Devotional Thought for Today – 09/05/2022

1 PETER 5

Chapter CONTEXT MHCC: Peter ends Chapter 4 by saying; their trials were near at hand, that their souls were in danger as well as their bodies, and that the best way to preserve their souls is to commit them to God in well-doing. He goes on to Chapter 5 (and the close of the epistle) with: In which the apostle gives particular directions, first to the elders, how to behave themselves towards their flock (v. 1-4); then to the younger, to be obedient and humble, and to cast their care upon God (v. 5-7). He then exhorts all to sobriety, watchfulness against temptations, and stedfastness in the faith, praying earnestly for them; and so concludes his epistle with a solemn doxology, mutual salutations, and his apostolical benediction.

In a previous devotional, we looked at how Pride can destroy a nation and individuals. Today let us look at the opposite of pride, and humility. It must be noted that in context this is written to the younger (either in age or spiritual maturity) of the flock to submit themselves to the elders. However, the basic principle is applicable to ALL MEMBERS regardless of their stature in the church.

In verse 5 (AMP) we read: Likewise, you who are younger, be subject to the elders. Clothe yourselves, all of you, with humility toward one another, for “God opposes the proud but gives grace to the humble.” This is a quote from Proverbs 3:34 where God blesses the humble and scorns the prideful.

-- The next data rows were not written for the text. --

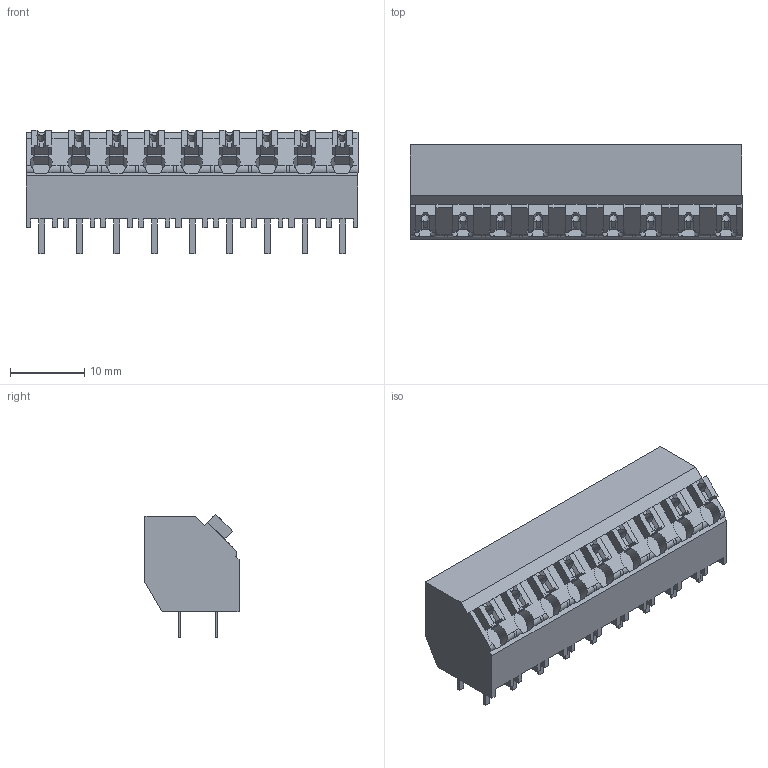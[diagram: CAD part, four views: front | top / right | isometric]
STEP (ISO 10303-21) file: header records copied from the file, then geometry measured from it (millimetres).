
FILE_DESCRIPTION(('CATIA V5 STEP Exchange','CAx-IF Rec.Pracs.--- Model Styling and Organization---1.2---2011-12-15'),'2;1');
FILE_NAME ('D1458446_0_1885090000_1885090000.stp','2018-03-20T13:51:16+00:00',('none'),('Weidmueller'),'CATIA Version 5-6 Release 2014','CATIA V5 STEP AP214','none');
FILE_SCHEMA(('AUTOMOTIVE_DESIGN { 1 0 10303 214 1 1 1 1 }'));
Length unit declared in the file: millimetre
Products named in the file (1): 1885090000
Bounding box: 44.84 x 12.7 x 16.66 mm (x, y, z)
Volume: 5191.8 mm3; surface area: 4988.3 mm2
Topology: 28 solids, 28 shells, 663 faces, 1900 edges, 1301 vertices
Faces by surface type: plane 602, cylinder 61
Entity records: 19836 total; most frequent: CARTESIAN_POINT 3858, ORIENTED_EDGE 3800, DIRECTION 2456, EDGE_CURVE 1900, VECTOR 1703, LINE 1703, VERTEX_POINT 1301, EDGE_LOOP 689

Our main text in the (AMP) reads: Therefore humble yourselves under the mighty hand of God [set aside self-righteous pride], so that He may exalt you [to a place of honor in His service] at the appropriate time,

Note first, the mighty hand of God for which we must submit. We do not submit to any authority but the ultimate authority. The King of Kings and the one who appoints all others.

Note what must be set aside, self-righteous pride, so humility is an attitude of the heart, not just a mindset. As noted yesterday there are two kinds of pride one acceptable to God and one He hates.

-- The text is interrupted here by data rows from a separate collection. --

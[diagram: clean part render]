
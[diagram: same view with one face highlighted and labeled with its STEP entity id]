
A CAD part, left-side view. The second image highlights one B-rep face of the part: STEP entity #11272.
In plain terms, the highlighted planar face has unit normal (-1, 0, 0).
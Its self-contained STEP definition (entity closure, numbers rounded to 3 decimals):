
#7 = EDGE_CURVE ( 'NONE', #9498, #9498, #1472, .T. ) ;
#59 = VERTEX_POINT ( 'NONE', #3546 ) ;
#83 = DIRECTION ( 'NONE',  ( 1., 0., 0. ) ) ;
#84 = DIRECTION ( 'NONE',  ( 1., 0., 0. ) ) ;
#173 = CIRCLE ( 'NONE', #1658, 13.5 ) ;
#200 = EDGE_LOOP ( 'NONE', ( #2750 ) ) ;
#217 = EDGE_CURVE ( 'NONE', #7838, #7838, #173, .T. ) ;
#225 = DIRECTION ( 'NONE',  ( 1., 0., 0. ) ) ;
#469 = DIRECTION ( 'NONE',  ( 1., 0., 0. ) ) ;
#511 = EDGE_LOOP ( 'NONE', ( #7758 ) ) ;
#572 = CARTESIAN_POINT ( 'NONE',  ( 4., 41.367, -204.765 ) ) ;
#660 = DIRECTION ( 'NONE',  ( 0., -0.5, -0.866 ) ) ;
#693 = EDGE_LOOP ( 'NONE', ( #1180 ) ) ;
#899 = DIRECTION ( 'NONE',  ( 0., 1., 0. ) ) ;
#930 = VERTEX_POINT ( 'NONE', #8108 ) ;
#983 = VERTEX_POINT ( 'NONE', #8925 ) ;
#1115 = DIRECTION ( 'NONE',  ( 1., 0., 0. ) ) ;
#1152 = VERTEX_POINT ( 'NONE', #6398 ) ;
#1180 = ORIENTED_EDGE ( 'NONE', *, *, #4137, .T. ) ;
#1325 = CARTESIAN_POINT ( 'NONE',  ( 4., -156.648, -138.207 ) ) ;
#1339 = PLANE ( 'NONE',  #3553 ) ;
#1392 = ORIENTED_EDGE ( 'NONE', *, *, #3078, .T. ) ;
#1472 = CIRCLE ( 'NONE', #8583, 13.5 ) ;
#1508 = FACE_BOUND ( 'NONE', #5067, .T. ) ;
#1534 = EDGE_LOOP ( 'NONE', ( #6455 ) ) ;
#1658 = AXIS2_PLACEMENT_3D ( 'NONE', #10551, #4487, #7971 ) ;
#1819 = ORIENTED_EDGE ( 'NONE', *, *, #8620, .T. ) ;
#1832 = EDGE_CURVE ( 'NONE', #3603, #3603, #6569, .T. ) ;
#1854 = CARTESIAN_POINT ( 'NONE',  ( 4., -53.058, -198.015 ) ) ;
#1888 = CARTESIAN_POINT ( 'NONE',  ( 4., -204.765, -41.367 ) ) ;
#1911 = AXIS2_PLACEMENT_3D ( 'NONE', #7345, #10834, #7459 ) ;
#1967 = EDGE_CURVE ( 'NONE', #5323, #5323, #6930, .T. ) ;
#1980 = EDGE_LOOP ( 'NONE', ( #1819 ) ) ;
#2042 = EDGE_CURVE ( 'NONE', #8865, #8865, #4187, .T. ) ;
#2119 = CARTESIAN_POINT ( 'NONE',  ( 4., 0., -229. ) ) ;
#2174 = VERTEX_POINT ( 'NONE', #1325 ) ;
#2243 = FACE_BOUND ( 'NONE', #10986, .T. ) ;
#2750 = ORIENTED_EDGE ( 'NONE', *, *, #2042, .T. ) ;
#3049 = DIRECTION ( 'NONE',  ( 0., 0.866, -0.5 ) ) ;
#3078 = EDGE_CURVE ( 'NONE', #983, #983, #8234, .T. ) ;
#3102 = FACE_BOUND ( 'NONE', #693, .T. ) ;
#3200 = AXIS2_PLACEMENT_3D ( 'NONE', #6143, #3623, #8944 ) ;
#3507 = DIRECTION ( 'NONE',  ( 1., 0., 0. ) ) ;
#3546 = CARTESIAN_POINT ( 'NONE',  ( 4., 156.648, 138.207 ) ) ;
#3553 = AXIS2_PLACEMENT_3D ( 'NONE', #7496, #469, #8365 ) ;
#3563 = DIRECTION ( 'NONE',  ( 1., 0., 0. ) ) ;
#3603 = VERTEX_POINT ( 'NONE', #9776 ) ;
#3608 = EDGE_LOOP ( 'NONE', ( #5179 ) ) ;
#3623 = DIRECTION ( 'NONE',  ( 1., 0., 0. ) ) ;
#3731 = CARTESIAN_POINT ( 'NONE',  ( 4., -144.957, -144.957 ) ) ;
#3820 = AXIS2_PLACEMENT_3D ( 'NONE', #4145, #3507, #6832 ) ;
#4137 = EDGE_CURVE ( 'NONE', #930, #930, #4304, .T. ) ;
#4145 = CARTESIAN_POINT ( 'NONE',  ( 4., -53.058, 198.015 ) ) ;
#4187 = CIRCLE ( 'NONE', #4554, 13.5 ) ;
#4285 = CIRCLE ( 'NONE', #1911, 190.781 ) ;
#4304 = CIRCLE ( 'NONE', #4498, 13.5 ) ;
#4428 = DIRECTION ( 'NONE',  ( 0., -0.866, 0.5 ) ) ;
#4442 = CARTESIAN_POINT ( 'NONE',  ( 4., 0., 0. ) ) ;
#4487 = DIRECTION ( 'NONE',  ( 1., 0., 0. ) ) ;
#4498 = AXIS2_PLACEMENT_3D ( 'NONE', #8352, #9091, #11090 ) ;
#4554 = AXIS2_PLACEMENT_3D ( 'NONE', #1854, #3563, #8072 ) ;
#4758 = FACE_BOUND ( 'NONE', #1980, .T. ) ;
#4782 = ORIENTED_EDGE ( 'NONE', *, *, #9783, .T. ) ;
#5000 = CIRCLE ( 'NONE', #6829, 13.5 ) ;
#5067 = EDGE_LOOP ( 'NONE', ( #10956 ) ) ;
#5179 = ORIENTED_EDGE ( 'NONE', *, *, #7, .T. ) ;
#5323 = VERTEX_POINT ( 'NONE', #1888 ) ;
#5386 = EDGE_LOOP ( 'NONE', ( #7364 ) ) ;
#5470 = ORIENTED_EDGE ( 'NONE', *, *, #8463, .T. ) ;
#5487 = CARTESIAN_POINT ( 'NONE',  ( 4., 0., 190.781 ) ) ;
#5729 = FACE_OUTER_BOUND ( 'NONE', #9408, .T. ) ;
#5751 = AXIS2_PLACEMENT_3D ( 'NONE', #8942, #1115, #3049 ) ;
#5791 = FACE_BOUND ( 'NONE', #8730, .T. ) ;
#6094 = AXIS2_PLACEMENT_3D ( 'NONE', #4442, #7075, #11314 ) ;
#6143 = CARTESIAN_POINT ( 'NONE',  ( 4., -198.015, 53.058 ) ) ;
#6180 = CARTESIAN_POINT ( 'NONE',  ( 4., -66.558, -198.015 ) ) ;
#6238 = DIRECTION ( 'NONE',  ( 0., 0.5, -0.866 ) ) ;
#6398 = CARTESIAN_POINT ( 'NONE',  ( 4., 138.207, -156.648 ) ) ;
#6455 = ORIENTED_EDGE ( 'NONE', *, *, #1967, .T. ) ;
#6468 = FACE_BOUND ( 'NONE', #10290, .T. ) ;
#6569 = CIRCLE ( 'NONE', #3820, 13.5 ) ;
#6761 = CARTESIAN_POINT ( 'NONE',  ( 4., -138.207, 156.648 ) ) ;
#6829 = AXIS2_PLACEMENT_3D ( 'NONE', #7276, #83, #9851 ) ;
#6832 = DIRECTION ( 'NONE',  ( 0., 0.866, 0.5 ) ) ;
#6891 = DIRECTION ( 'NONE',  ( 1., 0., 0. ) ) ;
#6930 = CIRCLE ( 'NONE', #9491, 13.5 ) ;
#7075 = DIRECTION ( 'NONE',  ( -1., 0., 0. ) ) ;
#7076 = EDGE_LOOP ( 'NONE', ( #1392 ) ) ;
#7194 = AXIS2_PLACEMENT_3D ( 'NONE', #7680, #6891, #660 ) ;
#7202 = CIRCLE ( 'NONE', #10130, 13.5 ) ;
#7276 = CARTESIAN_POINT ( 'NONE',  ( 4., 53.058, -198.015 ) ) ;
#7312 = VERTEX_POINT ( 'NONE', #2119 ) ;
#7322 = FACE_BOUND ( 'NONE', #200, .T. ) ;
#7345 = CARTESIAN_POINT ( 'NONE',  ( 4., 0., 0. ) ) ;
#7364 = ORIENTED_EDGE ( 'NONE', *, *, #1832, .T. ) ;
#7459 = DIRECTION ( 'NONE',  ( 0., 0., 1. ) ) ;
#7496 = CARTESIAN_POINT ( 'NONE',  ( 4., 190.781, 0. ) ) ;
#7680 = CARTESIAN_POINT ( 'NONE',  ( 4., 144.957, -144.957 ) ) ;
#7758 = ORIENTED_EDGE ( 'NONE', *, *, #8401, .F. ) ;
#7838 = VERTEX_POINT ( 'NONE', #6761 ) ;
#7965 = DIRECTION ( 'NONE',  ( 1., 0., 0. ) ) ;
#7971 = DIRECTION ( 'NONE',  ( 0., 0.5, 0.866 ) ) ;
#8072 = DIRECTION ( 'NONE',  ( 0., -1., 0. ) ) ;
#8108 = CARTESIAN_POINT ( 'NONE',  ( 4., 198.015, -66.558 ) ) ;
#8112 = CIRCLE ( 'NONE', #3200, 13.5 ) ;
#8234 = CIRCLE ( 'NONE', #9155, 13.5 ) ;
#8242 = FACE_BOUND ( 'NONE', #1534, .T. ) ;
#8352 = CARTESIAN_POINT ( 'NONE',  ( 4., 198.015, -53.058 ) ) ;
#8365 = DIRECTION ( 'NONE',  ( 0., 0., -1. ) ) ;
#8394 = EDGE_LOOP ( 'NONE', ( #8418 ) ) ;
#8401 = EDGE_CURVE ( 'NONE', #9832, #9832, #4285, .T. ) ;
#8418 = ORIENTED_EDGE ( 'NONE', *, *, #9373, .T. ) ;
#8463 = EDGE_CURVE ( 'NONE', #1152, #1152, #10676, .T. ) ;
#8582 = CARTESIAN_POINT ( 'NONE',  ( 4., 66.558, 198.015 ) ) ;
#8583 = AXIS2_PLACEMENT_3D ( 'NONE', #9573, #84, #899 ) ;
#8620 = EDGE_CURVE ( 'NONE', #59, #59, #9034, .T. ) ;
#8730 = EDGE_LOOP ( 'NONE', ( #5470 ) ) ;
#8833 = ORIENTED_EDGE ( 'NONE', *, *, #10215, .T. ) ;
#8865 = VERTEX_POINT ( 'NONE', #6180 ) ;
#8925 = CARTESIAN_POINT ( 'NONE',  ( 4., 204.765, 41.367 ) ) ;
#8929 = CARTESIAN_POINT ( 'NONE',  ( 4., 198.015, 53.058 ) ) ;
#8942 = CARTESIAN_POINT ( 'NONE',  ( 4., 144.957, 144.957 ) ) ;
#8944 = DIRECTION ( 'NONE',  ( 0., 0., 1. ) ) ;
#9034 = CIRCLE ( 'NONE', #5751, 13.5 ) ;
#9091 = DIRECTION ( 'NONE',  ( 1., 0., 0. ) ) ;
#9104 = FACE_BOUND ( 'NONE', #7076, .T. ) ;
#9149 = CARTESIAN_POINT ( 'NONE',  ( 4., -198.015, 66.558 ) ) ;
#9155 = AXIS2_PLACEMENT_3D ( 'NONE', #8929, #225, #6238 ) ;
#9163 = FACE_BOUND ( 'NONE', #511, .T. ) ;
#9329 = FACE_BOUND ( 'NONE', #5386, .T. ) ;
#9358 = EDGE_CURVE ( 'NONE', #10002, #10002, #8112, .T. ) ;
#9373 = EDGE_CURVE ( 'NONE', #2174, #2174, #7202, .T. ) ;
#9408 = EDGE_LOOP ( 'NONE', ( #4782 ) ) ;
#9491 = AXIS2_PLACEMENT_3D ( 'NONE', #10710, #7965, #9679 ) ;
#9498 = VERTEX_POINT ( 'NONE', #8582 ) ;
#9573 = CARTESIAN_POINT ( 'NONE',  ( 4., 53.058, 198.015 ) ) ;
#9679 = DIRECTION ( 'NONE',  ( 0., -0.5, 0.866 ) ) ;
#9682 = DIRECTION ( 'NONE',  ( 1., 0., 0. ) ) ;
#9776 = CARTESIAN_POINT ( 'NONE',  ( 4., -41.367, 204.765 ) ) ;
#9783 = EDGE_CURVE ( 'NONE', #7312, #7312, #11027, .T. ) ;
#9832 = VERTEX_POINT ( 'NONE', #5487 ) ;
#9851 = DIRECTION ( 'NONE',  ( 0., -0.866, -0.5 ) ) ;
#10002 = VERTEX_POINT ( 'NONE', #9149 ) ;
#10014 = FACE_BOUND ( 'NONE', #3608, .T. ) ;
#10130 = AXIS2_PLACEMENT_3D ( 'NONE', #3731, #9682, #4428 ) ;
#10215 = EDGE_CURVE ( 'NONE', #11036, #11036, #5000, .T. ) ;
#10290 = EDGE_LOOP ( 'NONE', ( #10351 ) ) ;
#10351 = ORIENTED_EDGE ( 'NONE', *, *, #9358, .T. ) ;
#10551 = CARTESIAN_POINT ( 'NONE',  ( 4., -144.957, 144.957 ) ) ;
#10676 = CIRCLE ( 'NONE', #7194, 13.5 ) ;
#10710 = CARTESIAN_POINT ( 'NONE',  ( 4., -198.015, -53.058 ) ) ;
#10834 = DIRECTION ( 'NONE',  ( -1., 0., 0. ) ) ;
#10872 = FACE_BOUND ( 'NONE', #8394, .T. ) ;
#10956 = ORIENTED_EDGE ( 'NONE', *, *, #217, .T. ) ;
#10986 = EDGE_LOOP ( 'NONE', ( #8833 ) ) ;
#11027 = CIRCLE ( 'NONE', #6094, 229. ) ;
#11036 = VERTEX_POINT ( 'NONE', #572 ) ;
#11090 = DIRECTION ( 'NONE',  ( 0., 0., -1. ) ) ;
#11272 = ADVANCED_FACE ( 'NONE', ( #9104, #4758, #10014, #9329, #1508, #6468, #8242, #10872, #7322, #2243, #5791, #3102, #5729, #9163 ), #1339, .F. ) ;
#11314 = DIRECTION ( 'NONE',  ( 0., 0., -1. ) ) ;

Note why we must Humble ourselves, so that He may exalt you, it is for our own benefit. This same theme is repeated in Matthew 23:12, Luke 14:11, Luke 18:14, and James 4:10.

Calvin comments on this quite nicely:

Humble yourselves, therefore. We must ever bear in mind for what end he bids us to be humble before God, even that we may be more courteous and kind to our brethren, and not refuse to submit to them as far as love demands. Then they who are haughty and refractory towards men, are, he says, acting insolently towards God. He therefore exhorts all the godly to submit to God’s authority; and he calls God’s power his hand, that he might make them to fear [stand in awe] the more. For though hand is often applied to God, yet it is to be understood here according to the circumstances of the passage. But as we are wont commonly to fear, lest our humility should be a disadvantage to us, and others might for this reason grow more insolent, Peter meets this objection, and promises eminency [a position of prominence, here meant a place in the the Kingdom of God] to all who humble themselves.

But he adds, in due time, that he might at the same time obviate too much haste. He then intimates that it is necessary for us to learn humility now, but that the Lord well knows when it is expedient for us to be elevated. Thus it behooves us to yield to his counsel.